Las condiciones de Ada empeoraban. La fiebre muy alta no le daba tregua y en poco tiempo su hermoso cuerpo se había consumido tanto como para no ser reconocido. Habían llamado a Lucia para que ayudase en casa. Se ocupaba de los más pequeños mandándoles a menudo fuera, aunque los días días eran demasiado fríos. Si Antonino y Clara, conscientes de lo que estaba sucediendo, se movían silenciosos entre los adultos, los gemelos intentaban enseguida sacarse de encima la tristeza que advertían dentro de los muros de casa. Bastaba que saliesen para volver a su vitalidad y despreocupación. A ellos se les unía Andrea ya que la madre, no teniendo a nadie con quien dejarlo, lo llevaba consigo cuando iba con los Barrieri, y esto se convertía en motivo de vivacidad adicional. Por la noche, más cansados de lo normal por los juegos al aire libre, eran mandados a dormir más temprano.

Durante la noche las mujeres se alternaban en el lecho de la enferma. Intentaban aliviar su sufrimiento poniendo en la frente paños húmedos. La fiebre la devoraba y en los últimos dos días los estertores de su respiración parecían expandirse por el aire, agigantase y llenar toda la casa. La muerte de Ada dejó el tremendo vacío de las muertes inesperadas y un sentimiento de incredulidad. El hecho, tan imprevisto y trágico, obligó a los adultos a convivir con el pensamiento de la precariedad de la existencia. Este sentimiento, unido al cansancio y a la consternación, vaciaba sus cuerpos de toda energía. Giovanni daba vueltas por la casa sin decidirse a volver a trabajar, María pareció en pocos días envejecer años, silenciosa y muy delgada en su vestido negro. Giulia, de repente, había tomado el toro por los cuernos y se había encerrado en un silencio doloroso y eficiente.
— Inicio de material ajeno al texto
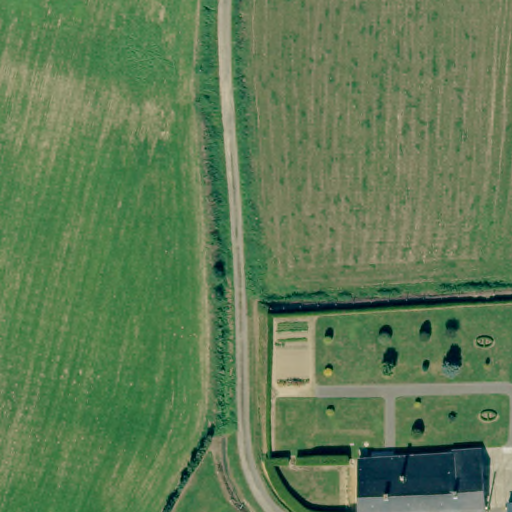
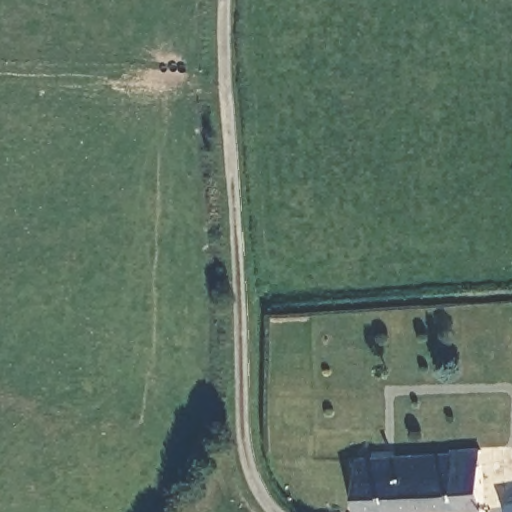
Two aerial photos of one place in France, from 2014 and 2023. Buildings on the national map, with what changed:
unchanged [(441,455),(441,452),(473,451),(476,512),(475,512),(349,512),(348,460),(441,455)]

Cuando comprendió que no había nada más que hacer, había cambiado inmediatamente de actitud. Sin tener en cuenta ningún tipo de consideración, a la que, a hechos consumados, tendría todo el tiempo para dedicarse, organizó la vida de la familia de manera que pudiesen sobrevivir todos de la mejor manera a aquellos días de tempestad. Hablaba muy poco e incansablemente, día y noche, siguió cada instante de la enfermedad. María y los otros seguían sus órdenes, como marineros que, en situación de peligro, reconocen en el capitán, no a aquel que da las órdenes, sino al único en que poder confiar completamente.
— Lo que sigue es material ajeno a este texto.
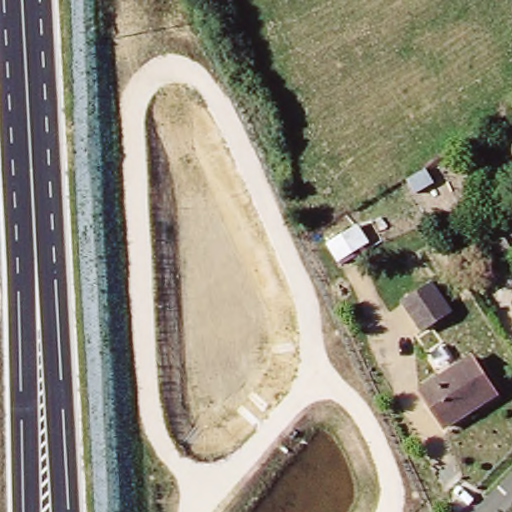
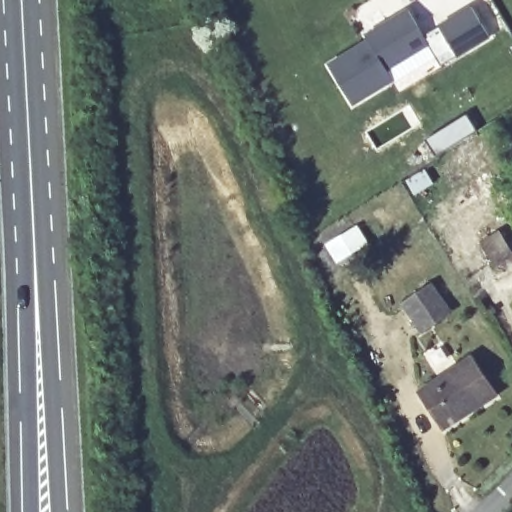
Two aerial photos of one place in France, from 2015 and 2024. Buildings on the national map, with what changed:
new [(369,36),(411,11),(420,25),(426,37),(474,9),(492,39),(443,68),(430,46),(389,71),(395,81),(395,82),(355,106),(330,66),(371,42),(369,36)]
new [(430,46),(443,68),(401,94),(395,82),(395,81),(389,71),(430,46)]
unchanged [(490,265),(479,242),(500,231),(511,255),(490,265)]
unchanged [(398,305),(428,285),(446,311),(416,332),(398,305)]
unchanged [(490,395),(440,428),(417,392),(467,358),(490,395)]

Los chicos habían reaccionado de distinta manera ante la noticia de la muerte. Antonino había llorado mucho y, perdido en su dolor, se había refugiado muchas veces entre los brazos de la madre y de la tía. Nunca había entrado en la habitación de la enferma y tampoco ahora, después de muerta, quería verla. Clara se había quedado casi apartada. No preguntaba nada. Miraba a su alrededor cada vez más silenciosa, que se encerraba todas las tardes en su habitación, olvidada por todos, para salir sólo cuando el hermano iba a verla para buscar compañía y consuelo, y juntos bajaban a comer.  A la pregunta del padre de si quería despedirse por última vez de la tía, había respondido que sí. Con él de la mano se había acercado al lecho en el que el cuerpo de tía Ada reposaba ya sin vida, vestida como la había visto en los días de fiesta, con el chal negro en la cabeza y el  rosario entre las manos. La observó durante un rato y pensó que parecía de cera, la nariz delgada y el cuerpo suave, siempre dispuesto para un abrazo cálido, ahora rígido y hostil. Advirtió su alejamiento y Giovanni sintió que la mano encerrada en la suya era recorrida por un ligero temblor nervioso. Le rodeó los hombros y la acercó  hacia él, intentando protegerla de aquel dolor que por primera vez, sin lágrimas, le rompía el alma. La hizo salir de la habitación manteniéndola apoyada a su pierna y ella pudo advertir el olor cálido que la consolaba imperceptiblemente.